§ The problem: Output all entries verbatim, dropping pictures.

§ Records for the exercise:
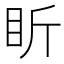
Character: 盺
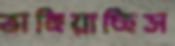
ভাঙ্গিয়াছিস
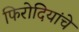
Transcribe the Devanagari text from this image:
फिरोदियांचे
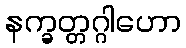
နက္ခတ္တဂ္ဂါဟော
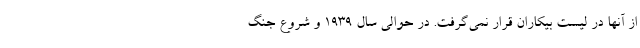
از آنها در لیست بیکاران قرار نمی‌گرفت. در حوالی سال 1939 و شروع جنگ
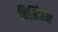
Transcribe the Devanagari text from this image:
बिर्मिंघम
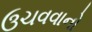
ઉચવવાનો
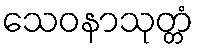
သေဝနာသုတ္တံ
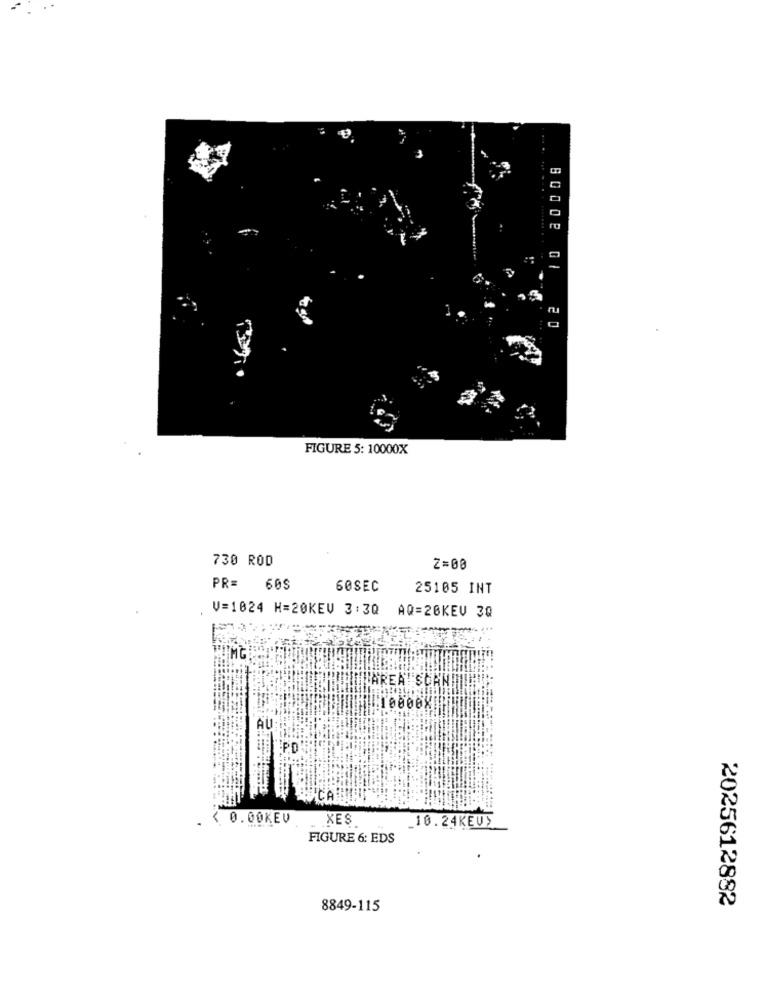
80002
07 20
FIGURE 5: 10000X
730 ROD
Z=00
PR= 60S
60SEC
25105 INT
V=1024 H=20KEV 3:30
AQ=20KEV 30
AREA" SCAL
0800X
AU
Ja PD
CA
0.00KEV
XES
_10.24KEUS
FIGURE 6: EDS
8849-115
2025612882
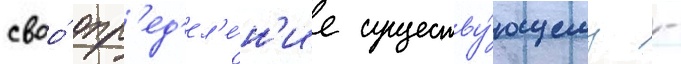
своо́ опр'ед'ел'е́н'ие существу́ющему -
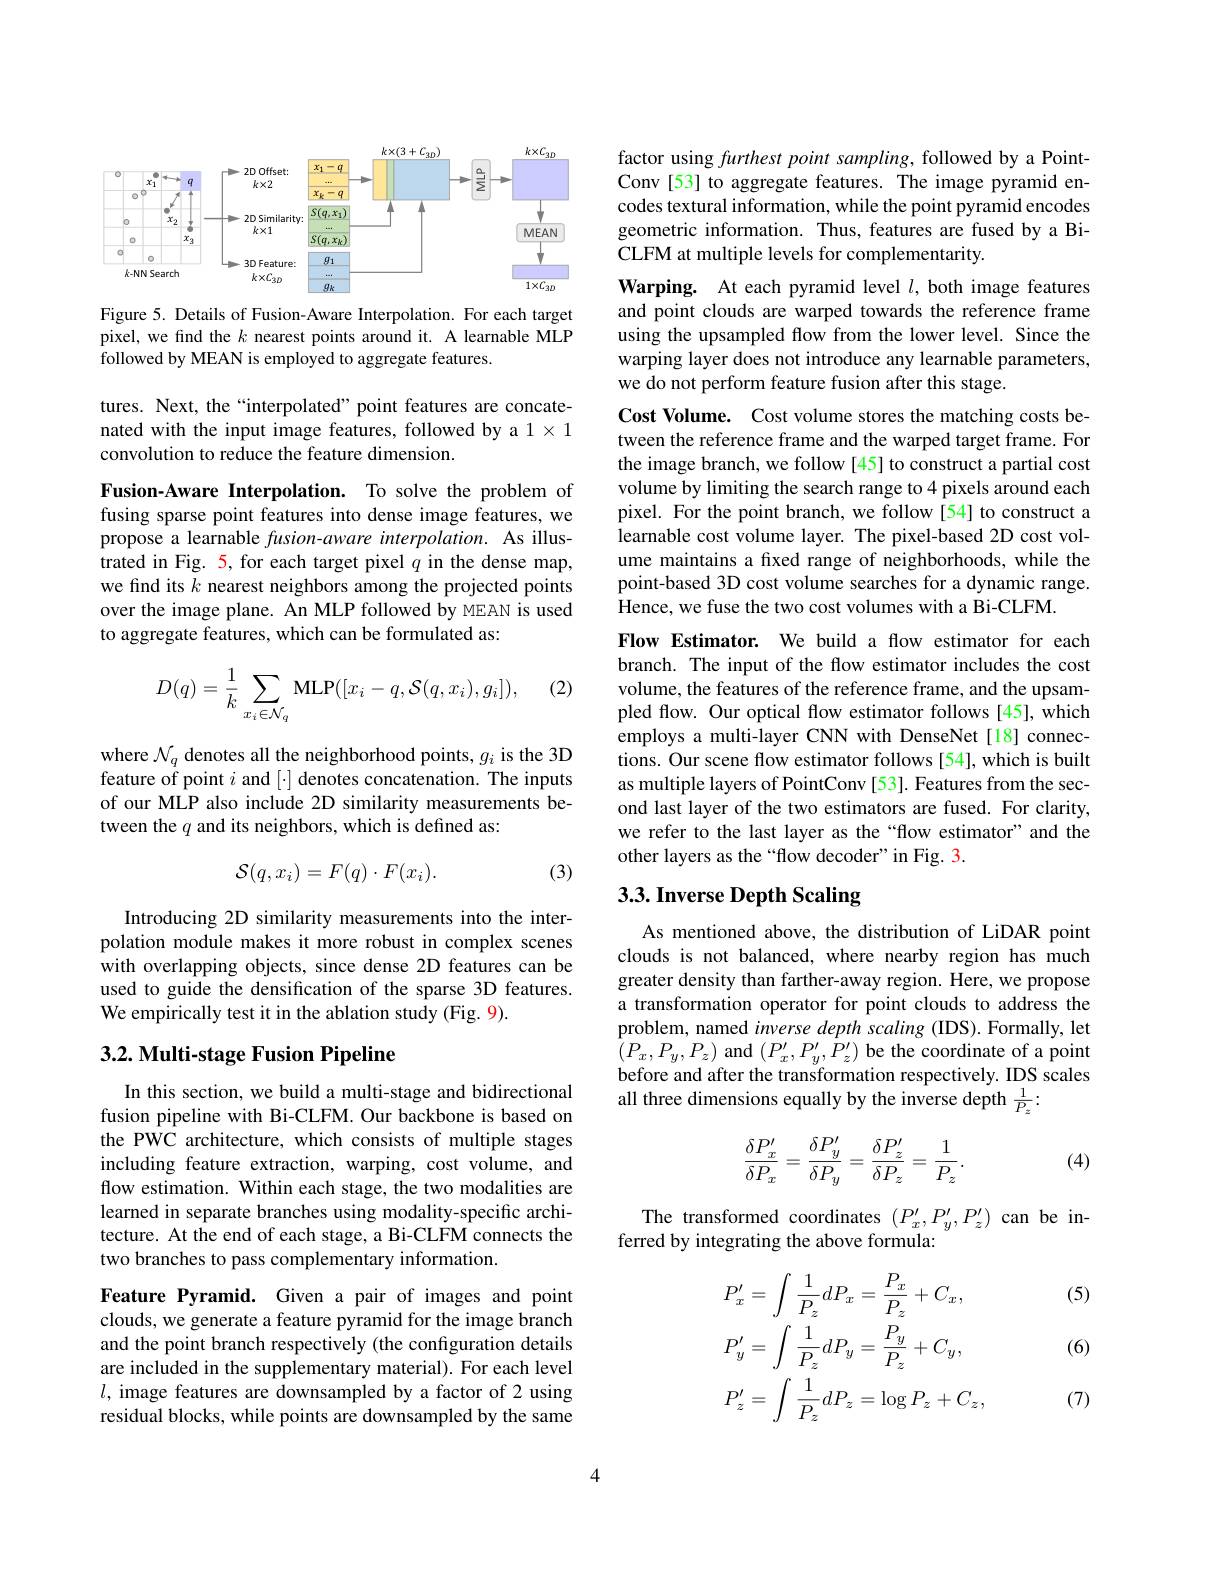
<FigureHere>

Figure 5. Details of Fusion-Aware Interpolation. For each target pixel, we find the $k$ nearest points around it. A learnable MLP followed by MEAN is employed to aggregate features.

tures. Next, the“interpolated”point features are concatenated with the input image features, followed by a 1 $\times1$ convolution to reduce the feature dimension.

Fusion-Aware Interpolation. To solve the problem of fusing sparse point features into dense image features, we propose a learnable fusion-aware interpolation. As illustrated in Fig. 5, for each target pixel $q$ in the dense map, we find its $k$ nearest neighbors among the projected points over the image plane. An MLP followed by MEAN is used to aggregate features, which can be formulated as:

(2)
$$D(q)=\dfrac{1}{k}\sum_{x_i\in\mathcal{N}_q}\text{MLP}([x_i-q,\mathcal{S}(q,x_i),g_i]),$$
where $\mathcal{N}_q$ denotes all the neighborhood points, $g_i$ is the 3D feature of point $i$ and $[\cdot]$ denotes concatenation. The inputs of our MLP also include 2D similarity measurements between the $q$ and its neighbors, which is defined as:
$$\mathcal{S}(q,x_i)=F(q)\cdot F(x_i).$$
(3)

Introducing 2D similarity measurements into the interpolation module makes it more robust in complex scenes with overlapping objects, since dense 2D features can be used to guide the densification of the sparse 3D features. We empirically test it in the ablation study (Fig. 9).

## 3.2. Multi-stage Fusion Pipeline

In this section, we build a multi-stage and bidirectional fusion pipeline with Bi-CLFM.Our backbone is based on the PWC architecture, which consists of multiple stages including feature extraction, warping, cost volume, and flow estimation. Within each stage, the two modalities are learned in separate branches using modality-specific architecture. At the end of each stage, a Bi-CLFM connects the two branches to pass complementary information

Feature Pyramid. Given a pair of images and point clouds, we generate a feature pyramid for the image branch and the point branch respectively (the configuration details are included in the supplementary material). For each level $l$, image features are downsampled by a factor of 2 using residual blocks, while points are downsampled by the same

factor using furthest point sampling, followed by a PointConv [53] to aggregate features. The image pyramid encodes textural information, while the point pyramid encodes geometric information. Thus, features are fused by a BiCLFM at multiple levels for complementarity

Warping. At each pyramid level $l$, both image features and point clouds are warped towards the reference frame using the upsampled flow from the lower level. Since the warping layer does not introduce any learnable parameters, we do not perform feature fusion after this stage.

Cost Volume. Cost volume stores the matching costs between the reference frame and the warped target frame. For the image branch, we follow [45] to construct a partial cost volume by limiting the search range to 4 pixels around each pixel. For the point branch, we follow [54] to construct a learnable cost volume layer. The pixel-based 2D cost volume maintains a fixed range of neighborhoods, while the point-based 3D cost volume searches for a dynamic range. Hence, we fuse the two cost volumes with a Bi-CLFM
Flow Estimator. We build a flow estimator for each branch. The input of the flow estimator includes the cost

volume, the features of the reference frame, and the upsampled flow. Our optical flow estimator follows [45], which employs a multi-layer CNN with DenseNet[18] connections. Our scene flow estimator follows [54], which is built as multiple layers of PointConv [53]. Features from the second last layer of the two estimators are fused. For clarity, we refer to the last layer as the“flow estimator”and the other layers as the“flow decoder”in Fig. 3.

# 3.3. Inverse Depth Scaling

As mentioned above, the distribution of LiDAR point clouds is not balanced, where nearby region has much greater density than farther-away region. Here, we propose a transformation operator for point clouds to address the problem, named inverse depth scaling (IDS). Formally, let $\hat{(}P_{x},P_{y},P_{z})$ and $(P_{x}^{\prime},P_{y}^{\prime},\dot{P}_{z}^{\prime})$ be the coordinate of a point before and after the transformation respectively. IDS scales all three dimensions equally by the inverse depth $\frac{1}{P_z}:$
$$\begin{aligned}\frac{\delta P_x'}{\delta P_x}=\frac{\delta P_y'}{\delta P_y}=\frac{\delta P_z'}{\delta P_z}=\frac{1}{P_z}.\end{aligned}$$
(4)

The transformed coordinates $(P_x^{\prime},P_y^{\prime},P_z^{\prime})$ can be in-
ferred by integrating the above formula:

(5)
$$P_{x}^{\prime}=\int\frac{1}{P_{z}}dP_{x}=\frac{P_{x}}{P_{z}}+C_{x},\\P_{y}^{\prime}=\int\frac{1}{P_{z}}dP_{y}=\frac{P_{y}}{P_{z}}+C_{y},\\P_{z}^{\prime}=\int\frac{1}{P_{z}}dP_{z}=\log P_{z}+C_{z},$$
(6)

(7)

§ Reply:
Character: 盺
ভাঙ্গিয়াছিস
Transcribe the Devanagari text from this image:
फिरोदियांचे
နက္ခတ္တဂ္ဂါဟော
از آنها در لیست بیکاران قرار نمی‌گرفت. در حوالی سال 1939 و شروع جنگ
Transcribe the Devanagari text from this image:
बिर्मिंघम
ઉચવવાનો
သေဝနာသုတ္တံ
80002
07 20
FIGURE 5: 10000X
730 ROD
Z=00
PR= 60S
60SEC
25105 INT
V=1024 H=20KEV 3:30
AQ=20KEV 30
AREA" SCAL
0800X
AU
Ja PD
CA
0.00KEV
XES
_10.24KEUS
FIGURE 6: EDS
8849-115
2025612882
своо́ опр'ед'ел'е́н'ие существу́ющему -
<FigureHere>

Figure 5. Details of Fusion-Aware Interpolation. For each target pixel, we find the $k$ nearest points around it. A learnable MLP followed by MEAN is employed to aggregate features.

tures. Next, the“interpolated”point features are concatenated with the input image features, followed by a 1 $\times1$ convolution to reduce the feature dimension.

Fusion-Aware Interpolation. To solve the problem of fusing sparse point features into dense image features, we propose a learnable fusion-aware interpolation. As illustrated in Fig. 5, for each target pixel $q$ in the dense map, we find its $k$ nearest neighbors among the projected points over the image plane. An MLP followed by MEAN is used to aggregate features, which can be formulated as:

(2)
$$D(q)=\dfrac{1}{k}\sum_{x_i\in\mathcal{N}_q}\text{MLP}([x_i-q,\mathcal{S}(q,x_i),g_i]),$$
where $\mathcal{N}_q$ denotes all the neighborhood points, $g_i$ is the 3D feature of point $i$ and $[\cdot]$ denotes concatenation. The inputs of our MLP also include 2D similarity measurements between the $q$ and its neighbors, which is defined as:
$$\mathcal{S}(q,x_i)=F(q)\cdot F(x_i).$$
(3)

Introducing 2D similarity measurements into the interpolation module makes it more robust in complex scenes with overlapping objects, since dense 2D features can be used to guide the densification of the sparse 3D features. We empirically test it in the ablation study (Fig. 9).

## 3.2. Multi-stage Fusion Pipeline

In this section, we build a multi-stage and bidirectional fusion pipeline with Bi-CLFM.Our backbone is based on the PWC architecture, which consists of multiple stages including feature extraction, warping, cost volume, and flow estimation. Within each stage, the two modalities are learned in separate branches using modality-specific architecture. At the end of each stage, a Bi-CLFM connects the two branches to pass complementary information

Feature Pyramid. Given a pair of images and point clouds, we generate a feature pyramid for the image branch and the point branch respectively (the configuration details are included in the supplementary material). For each level $l$, image features are downsampled by a factor of 2 using residual blocks, while points are downsampled by the same

factor using furthest point sampling, followed by a PointConv [53] to aggregate features. The image pyramid encodes textural information, while the point pyramid encodes geometric information. Thus, features are fused by a BiCLFM at multiple levels for complementarity

Warping. At each pyramid level $l$, both image features and point clouds are warped towards the reference frame using the upsampled flow from the lower level. Since the warping layer does not introduce any learnable parameters, we do not perform feature fusion after this stage.

Cost Volume. Cost volume stores the matching costs between the reference frame and the warped target frame. For the image branch, we follow [45] to construct a partial cost volume by limiting the search range to 4 pixels around each pixel. For the point branch, we follow [54] to construct a learnable cost volume layer. The pixel-based 2D cost volume maintains a fixed range of neighborhoods, while the point-based 3D cost volume searches for a dynamic range. Hence, we fuse the two cost volumes with a Bi-CLFM
Flow Estimator. We build a flow estimator for each branch. The input of the flow estimator includes the cost

volume, the features of the reference frame, and the upsampled flow. Our optical flow estimator follows [45], which employs a multi-layer CNN with DenseNet[18] connections. Our scene flow estimator follows [54], which is built as multiple layers of PointConv [53]. Features from the second last layer of the two estimators are fused. For clarity, we refer to the last layer as the“flow estimator”and the other layers as the“flow decoder”in Fig. 3.

# 3.3. Inverse Depth Scaling

As mentioned above, the distribution of LiDAR point clouds is not balanced, where nearby region has much greater density than farther-away region. Here, we propose a transformation operator for point clouds to address the problem, named inverse depth scaling (IDS). Formally, let $\hat{(}P_{x},P_{y},P_{z})$ and $(P_{x}^{\prime},P_{y}^{\prime},\dot{P}_{z}^{\prime})$ be the coordinate of a point before and after the transformation respectively. IDS scales all three dimensions equally by the inverse depth $\frac{1}{P_z}:$
$$\begin{aligned}\frac{\delta P_x'}{\delta P_x}=\frac{\delta P_y'}{\delta P_y}=\frac{\delta P_z'}{\delta P_z}=\frac{1}{P_z}.\end{aligned}$$
(4)

The transformed coordinates $(P_x^{\prime},P_y^{\prime},P_z^{\prime})$ can be in-
ferred by integrating the above formula:

(5)
$$P_{x}^{\prime}=\int\frac{1}{P_{z}}dP_{x}=\frac{P_{x}}{P_{z}}+C_{x},\\P_{y}^{\prime}=\int\frac{1}{P_{z}}dP_{y}=\frac{P_{y}}{P_{z}}+C_{y},\\P_{z}^{\prime}=\int\frac{1}{P_{z}}dP_{z}=\log P_{z}+C_{z},$$
(6)

(7)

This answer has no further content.